──────── Exercise data ────────

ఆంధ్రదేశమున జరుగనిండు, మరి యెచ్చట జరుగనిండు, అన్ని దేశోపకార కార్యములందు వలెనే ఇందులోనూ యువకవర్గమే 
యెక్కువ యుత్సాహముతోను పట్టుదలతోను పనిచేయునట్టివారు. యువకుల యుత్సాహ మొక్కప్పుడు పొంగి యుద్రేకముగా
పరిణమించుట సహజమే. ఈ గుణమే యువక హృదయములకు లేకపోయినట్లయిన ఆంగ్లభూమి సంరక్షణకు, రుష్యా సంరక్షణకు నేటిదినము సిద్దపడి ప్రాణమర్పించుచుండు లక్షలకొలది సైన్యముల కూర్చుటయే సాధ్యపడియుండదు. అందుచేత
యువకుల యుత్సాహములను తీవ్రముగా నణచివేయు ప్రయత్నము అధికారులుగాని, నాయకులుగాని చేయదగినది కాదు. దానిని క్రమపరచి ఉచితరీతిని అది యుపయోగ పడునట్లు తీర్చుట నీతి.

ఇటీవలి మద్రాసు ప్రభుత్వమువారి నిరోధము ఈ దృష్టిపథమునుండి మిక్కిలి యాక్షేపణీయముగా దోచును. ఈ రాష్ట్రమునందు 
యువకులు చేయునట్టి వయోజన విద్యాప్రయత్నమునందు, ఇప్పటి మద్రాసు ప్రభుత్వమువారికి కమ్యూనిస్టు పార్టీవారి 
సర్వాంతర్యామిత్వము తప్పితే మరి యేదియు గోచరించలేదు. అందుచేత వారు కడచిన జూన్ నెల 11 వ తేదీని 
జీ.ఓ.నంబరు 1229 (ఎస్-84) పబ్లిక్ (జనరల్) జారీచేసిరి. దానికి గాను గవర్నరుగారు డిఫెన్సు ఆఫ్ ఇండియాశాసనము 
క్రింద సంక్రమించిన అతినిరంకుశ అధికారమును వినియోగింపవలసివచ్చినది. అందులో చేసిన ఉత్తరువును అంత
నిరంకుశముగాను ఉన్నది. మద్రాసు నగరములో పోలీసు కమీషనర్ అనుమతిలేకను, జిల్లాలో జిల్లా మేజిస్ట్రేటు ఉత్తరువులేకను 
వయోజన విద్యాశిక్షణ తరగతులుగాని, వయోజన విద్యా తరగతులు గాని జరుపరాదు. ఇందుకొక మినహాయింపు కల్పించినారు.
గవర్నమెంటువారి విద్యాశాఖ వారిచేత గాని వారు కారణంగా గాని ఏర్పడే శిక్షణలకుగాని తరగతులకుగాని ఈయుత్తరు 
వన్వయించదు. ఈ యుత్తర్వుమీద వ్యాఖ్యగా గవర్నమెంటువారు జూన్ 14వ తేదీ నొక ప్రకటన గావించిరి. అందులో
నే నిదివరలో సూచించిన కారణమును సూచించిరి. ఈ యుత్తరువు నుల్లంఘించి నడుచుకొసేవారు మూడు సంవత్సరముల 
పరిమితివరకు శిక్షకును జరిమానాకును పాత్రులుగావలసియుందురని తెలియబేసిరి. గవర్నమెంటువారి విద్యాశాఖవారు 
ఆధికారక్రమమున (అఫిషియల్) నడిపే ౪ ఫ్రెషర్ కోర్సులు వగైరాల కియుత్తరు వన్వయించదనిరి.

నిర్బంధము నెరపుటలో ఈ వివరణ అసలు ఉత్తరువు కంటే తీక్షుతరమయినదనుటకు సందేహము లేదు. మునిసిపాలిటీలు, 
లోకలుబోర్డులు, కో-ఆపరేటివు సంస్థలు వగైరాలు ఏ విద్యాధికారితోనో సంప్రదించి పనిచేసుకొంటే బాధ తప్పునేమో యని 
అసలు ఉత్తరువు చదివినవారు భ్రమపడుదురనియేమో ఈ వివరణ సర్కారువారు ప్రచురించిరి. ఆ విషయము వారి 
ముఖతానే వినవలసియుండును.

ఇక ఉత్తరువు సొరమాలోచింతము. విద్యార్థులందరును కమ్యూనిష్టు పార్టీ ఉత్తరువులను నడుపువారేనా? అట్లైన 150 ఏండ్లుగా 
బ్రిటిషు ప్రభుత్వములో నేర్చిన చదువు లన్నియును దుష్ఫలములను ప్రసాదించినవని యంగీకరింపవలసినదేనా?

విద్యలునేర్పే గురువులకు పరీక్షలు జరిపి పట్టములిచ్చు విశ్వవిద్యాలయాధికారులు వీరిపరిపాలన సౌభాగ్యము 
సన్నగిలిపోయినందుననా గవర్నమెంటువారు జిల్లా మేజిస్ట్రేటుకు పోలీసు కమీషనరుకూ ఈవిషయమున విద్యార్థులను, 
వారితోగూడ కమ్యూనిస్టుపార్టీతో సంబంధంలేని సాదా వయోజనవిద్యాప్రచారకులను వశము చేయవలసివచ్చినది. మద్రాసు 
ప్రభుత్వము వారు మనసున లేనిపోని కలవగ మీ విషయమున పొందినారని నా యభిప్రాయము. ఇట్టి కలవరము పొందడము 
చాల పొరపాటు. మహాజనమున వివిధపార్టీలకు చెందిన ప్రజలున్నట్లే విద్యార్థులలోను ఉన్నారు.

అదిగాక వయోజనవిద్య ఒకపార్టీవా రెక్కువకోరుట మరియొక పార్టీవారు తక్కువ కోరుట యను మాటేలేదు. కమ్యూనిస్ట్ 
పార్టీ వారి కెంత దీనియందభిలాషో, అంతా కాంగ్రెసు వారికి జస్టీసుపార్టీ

────────

Description of the task.
Locate the word "తరగత" in the records and collect each line it appears in.

Task result.
వయోజన విద్యాశిక్షణ తరగతులుగాని, వయోజన విద్యా తరగతులు గాని జరుపరాదు. ఇందుకొక మినహాయింపు కల్పించినారు.
గవర్నమెంటువారి విద్యాశాఖ వారిచేత గాని వారు కారణంగా గాని ఏర్పడే శిక్షణలకుగాని తరగతులకుగాని ఈయుత్తరు 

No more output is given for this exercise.